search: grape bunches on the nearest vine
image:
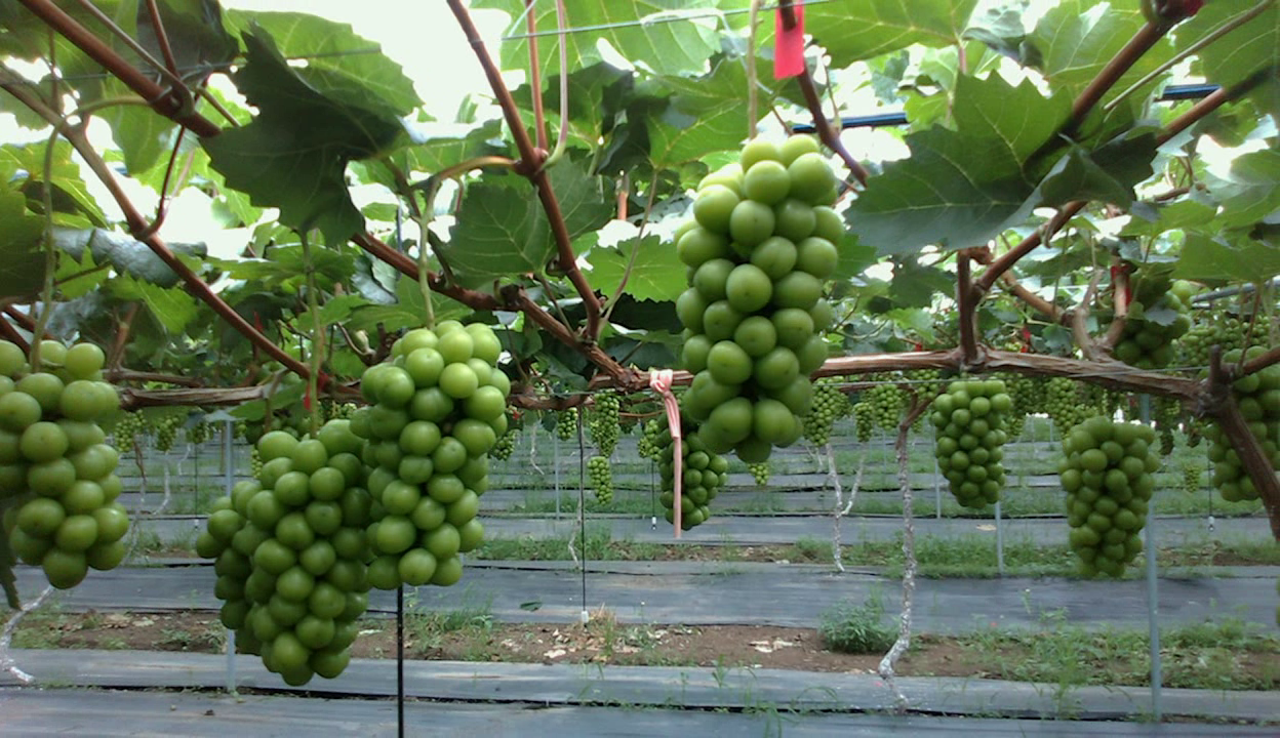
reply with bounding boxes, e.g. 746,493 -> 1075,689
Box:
0,339 -> 130,589
673,134 -> 845,464
349,319 -> 511,590
195,419 -> 376,687
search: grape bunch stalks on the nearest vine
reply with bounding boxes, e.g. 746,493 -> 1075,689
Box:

+-------+

What to work on:
Reproduce exactly the line that contains "search: grape bunch stalks" together with each line after it to the end of the entries; include no other lines.

Result of this task:
search: grape bunch stalks on the nearest vine
reply with bounding boxes, e.g. 746,493 -> 1075,689
Box:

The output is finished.